Navy SEALS tend to have higher-than-average dominant frequencis, around 11 or 13 Hz. But physical and emotional trauma can disrupt that, causing the back of the brain and the front of the brain to emit electricity at different rates. The result: lopsided brain activity. MeRT seeks to detect arrhythmia, find out which regions are causing it, and nudge the off-kilter ones back onto the beat.
“Let’s just say in the left dorsal lateral prefrontal cortex, towards the front left side of the brain, if that’s cycling at 2 hertz, where we are 3 or 4 standard deviations below normal, you can pretty comfortably point to that and say that these neurons aren’t firing correctly. If we target that area and say, ‘We are going to nudge that area back to, say, 11 hertz,’ some of those symptoms may improve,” says Won. “In the converse scenario, in the right occipital parietal lobe where, if you’ve taken a hit, you may be cycling too fast. Let’s say it’s 30 hertz. You’re taking in too much information, oversampling your environment. And if you’re only able to process it using executive function 11 times per second, that information overload might manifest as anxiety.”
If the theory behind MeRT is true, it could explain, at least partially, why a person may suffer from many mental-health symptoms: anxiety, depression, attention deficits, etc. The pharmaceutical industry treats them with separate drugs, but they all may have a similar cause, and thus be treatable with one treatment. That, anyway, is what Won’s preliminary results are suggesting.

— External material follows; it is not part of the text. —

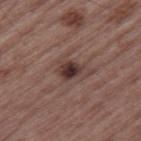biopsy status: no biopsy performed (imaged during a skin exam); anatomic site: the right thigh; patient: male, aged around 65; image: 15 mm crop, total-body photography.

“You don’t see these type of outcomes with psychopharma or these other types of modalities, so it was pretty exciting,” he said.
There are lots of transcranial direct stimulation therapies out there, with few results to boast of. What distinguishes MeRT from other attempts to treat mental disorders with electrical fields is the use of EEG as a guide. It’s the difference between trying to fix something with the aid of a manual versus just winging it.
If the clinical trials bear out and the FDA approves of MeRT as an effective treatment for concussion and/or PTSD, many more people will try it. The dataset will grow, furthering the science. If that happens, the world will soon know whether or not there is a better therapeutic for mood and sleep disorders than drugs; and a huge portion of the pharmaceutical industry will wake up to earth-changing news.
But there’s more. Won believes that MeRT may have uses for nominally healthy brains, such as improving attention, memory, and reaction time, as Ted discovered. It’s like the eyesight thing, the sudden, stark visual clarity. “These were unexpected findings, but we’re hearing it enough that we want to do more studies.”
Performance enhancement is “not something that we’re ardently chasing,” says Won. ”Our core team is about saving lives. But so many of our veterans are coming back asking.”
Already, there’s evidence to suggest that it could work. “What we’ve noticed in computerized neuro-psych batteries is that reaction times improve. Complex cognitive processing tasks can improve both in terms of speed to decision and the number of times you are right versus wrong. Those are all things we want to quantify and measure with good science,” he says.
What is one person’s therapy, in the years ahead, could be another person’s mental health regimen. Signs of that future are already here. Like so many strange portents, their origin is the tech field.
More and more high-level executives, including at technology companies, are seeking him out, asking to be strapped in and zapped for a few weeks. “That’s been a recent evolution. There’s a company” — he declined to name it — “a lot of programmers, engineers, etc. … One of their C-suite members got treatment and was so blown away that they want all of their key team members to get it…They’re ruthlessly competitive…They want an edge.”